For complex job dequeuing, use -l to develop the critereon for -d.
The q binary is a set-uid root process and is used both for the user client interface and for the server daemons.
The makefile includes the install target that copies and ug+s.
You will need to configure the INSTALL_DIR for your system.
% cd src
% make
% sudo make install
Some systems running systemd might benefit from the queued.service example in the source directory.
When q starts, it reads the configuration file /etc/queued.conf.
The source directory contains an example file.
Comments begin with # and continue to the end of line.
The daemon opens a port for recieving messages from the client or other servers.
The port number defaults to 9090 but can be set with a command line option -p 9090 or
in the config file with:
port server = 9090;
The port number used must not conflict with other services and must be open in the firewall configuration.
There must be a directory in a shared filesystem to store the pid files created by the sever daemons.
The pid files will be created when the daemon starts and contain the server key.
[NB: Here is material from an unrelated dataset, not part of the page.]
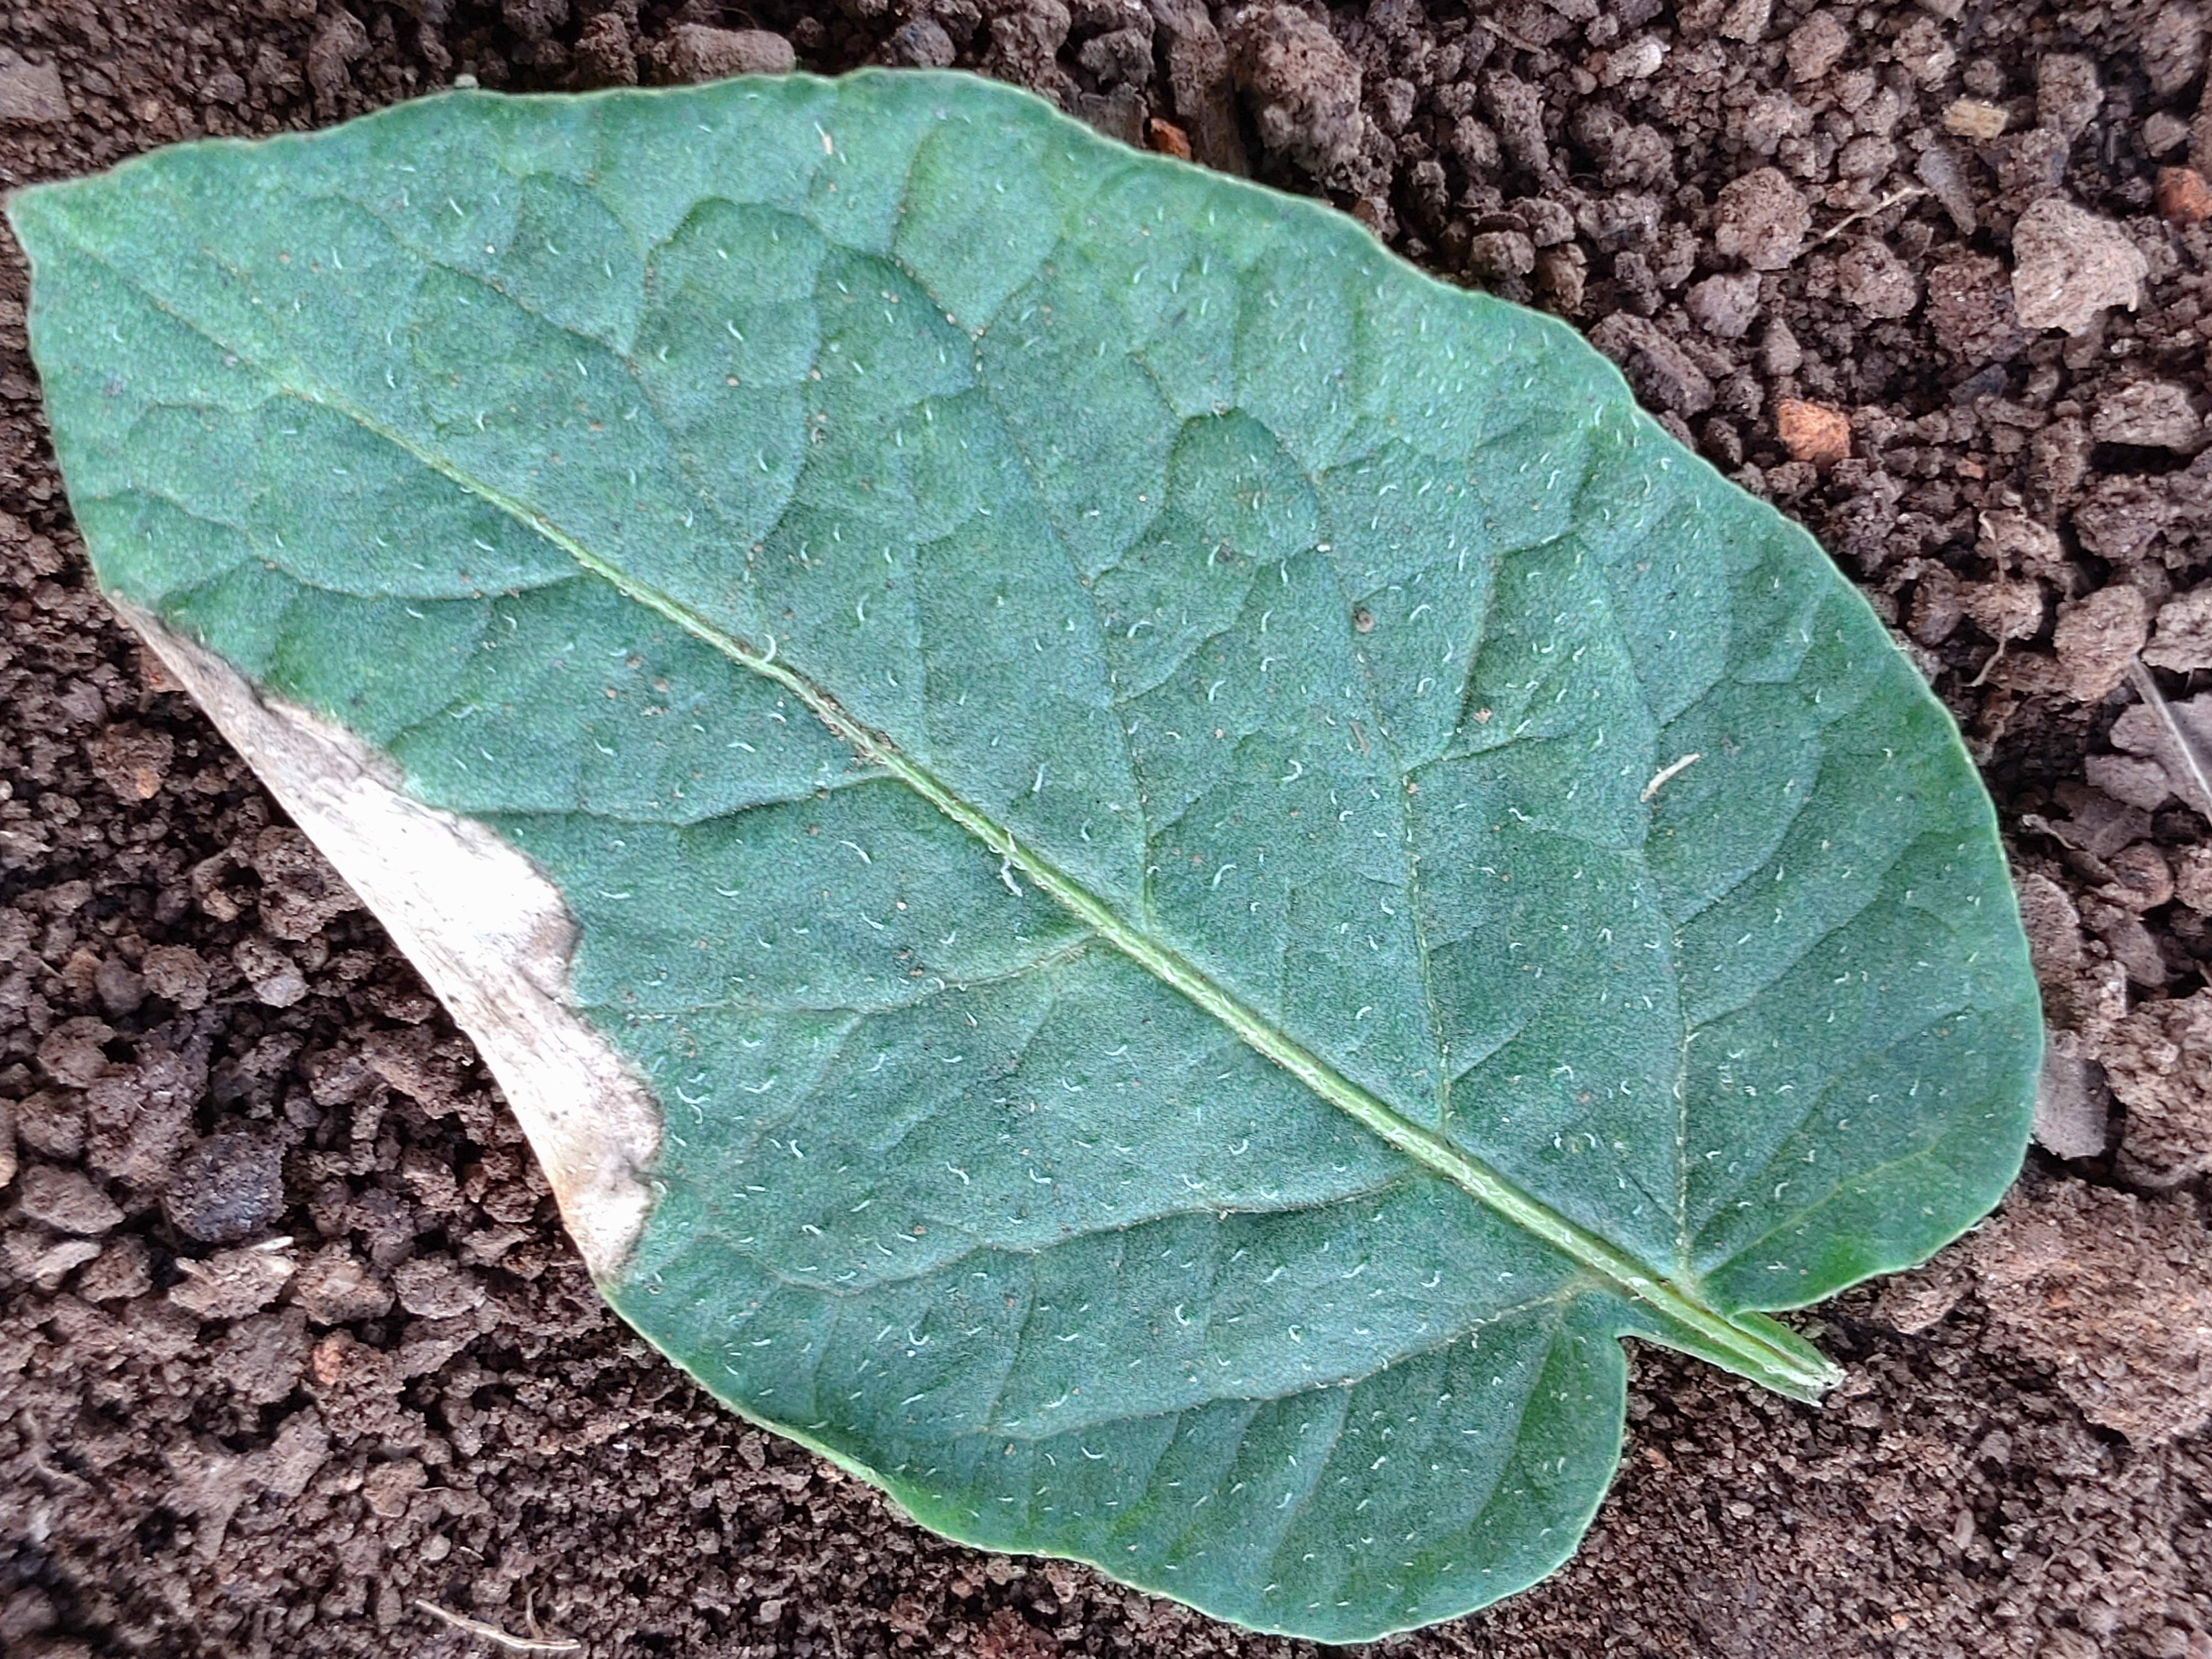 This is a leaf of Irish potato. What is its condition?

The files are owned by root read/writeable only by root.
The client needs the key inorder to send tcp messages to the daemon.
Daemons also need the keys for inter-server communications.
dir pid = /user/utility/packages/queued/pids;
Specifies the path to the directory where the pid files will be created. It should be created owned by root:root with mode 755.
Machine groups are used to restrict the job execution to particular machines.
The master group is manditory and specifies which machine will be the master scheduler.
There can be only one machine in the master group.
group master = mist;
The group all is also manditory and is used as the default for all operations.
group all = mist smoke asst luke;
The all group does not need to have all of the machines. For example, I dont have the laptops because they arent always connected to the NOW.
You can create any other groupings that make sense.
group name = list of machines
You can limit the available resources for each machine.
Jobs wont schedule if they dont fit the available resources.
limits machine = mem=16G buf=20g threads=8 busy=8:00-19:00;
You can create token pools to manage resources such as licenses. Jobs must be able to claim the specified tokens before they can be schedule, and they hold thier tokens until they exit.
token LIC = 2;
Queued schedules jobs on any available machine with sufficient resources when they are submitted. When a job completes on a machine, queued attempts to schedule as many jobs as it can on that machine. By default, if for some reason a new job cannot be scheduled when the last job running on a machine exits, no job will be scheduled on that machine until a new job is submitted. If it is possible that other uses of the system may consume resources that prevent scheduling, and those resources free up, a kick start timer can be configured with:
alarm kickstart = 30m;
When the kick start timer expires, the master will attempt to schedule jobs on all hosts. Time is in seconds, but can be suffixed with:
mfor minutes,hfor hours anddfor days.
A daemon will reload the configuration file if it handles SIGUSR1, or recieves a request from a client:
% q -reload [host|group]
If host is not specified, the group master is used by default.
The daemon will not recognize a change to dir pid during an update.